Data entries
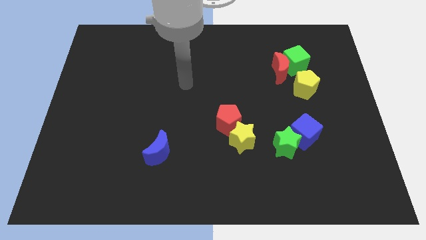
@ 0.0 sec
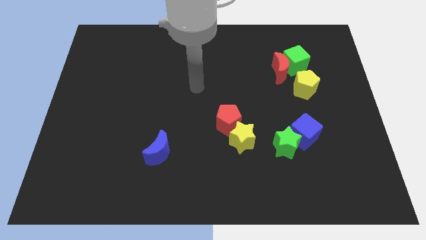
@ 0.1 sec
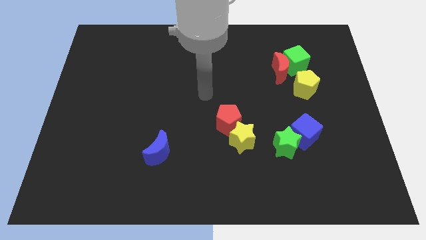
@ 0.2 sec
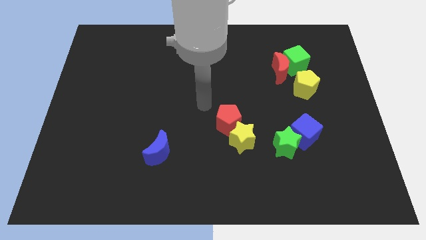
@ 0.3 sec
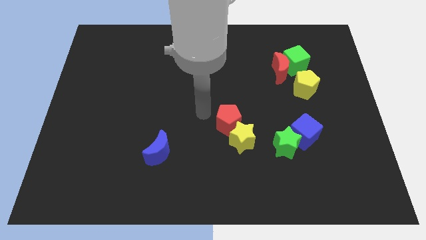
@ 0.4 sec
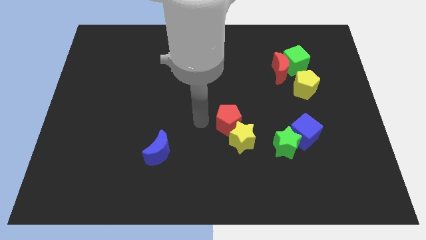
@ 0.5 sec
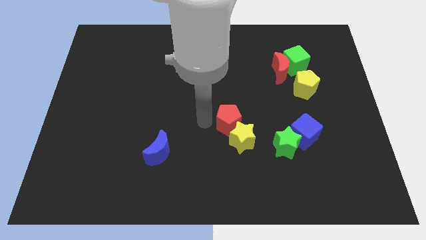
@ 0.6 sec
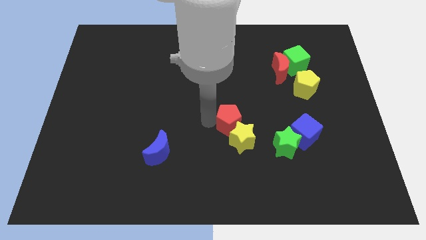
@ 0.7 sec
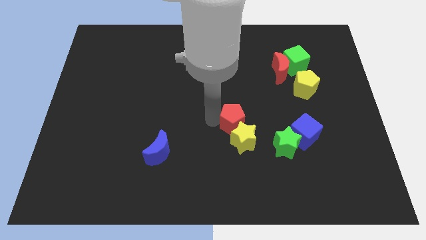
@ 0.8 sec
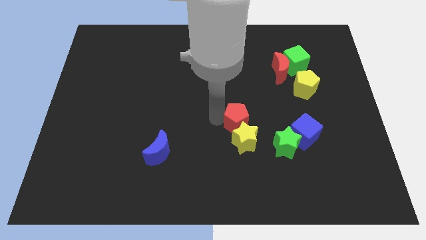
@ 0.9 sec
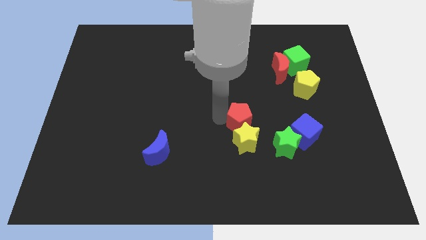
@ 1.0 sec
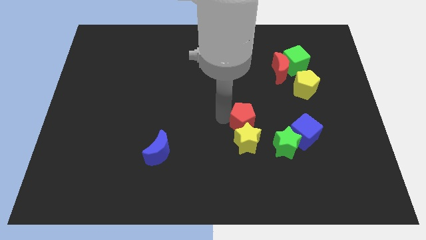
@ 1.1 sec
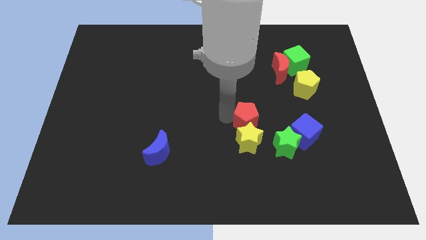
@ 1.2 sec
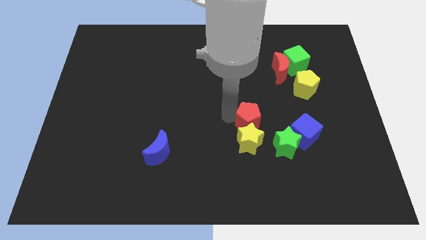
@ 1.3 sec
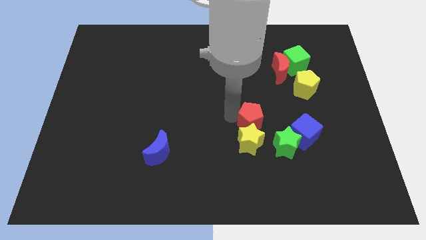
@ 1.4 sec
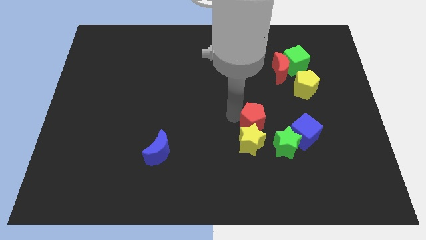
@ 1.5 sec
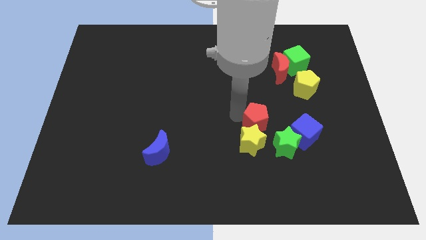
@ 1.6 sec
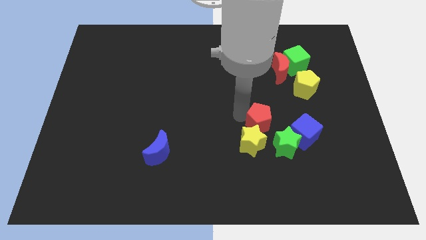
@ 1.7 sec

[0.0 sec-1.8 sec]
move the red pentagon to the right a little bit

* WORK REQUEST
Transcribe every entry word for word, but omit the pictures.

* EXERCISE OUTPUT
@ 0.0 sec
@ 0.1 sec
@ 0.2 sec
@ 0.3 sec
@ 0.4 sec
@ 0.5 sec
@ 0.6 sec
@ 0.7 sec
@ 0.8 sec
@ 0.9 sec
@ 1.0 sec
@ 1.1 sec
@ 1.2 sec
@ 1.3 sec
@ 1.4 sec
@ 1.5 sec
@ 1.6 sec
@ 1.7 sec

[0.0 sec-1.8 sec]
move the red pentagon to the right a little bit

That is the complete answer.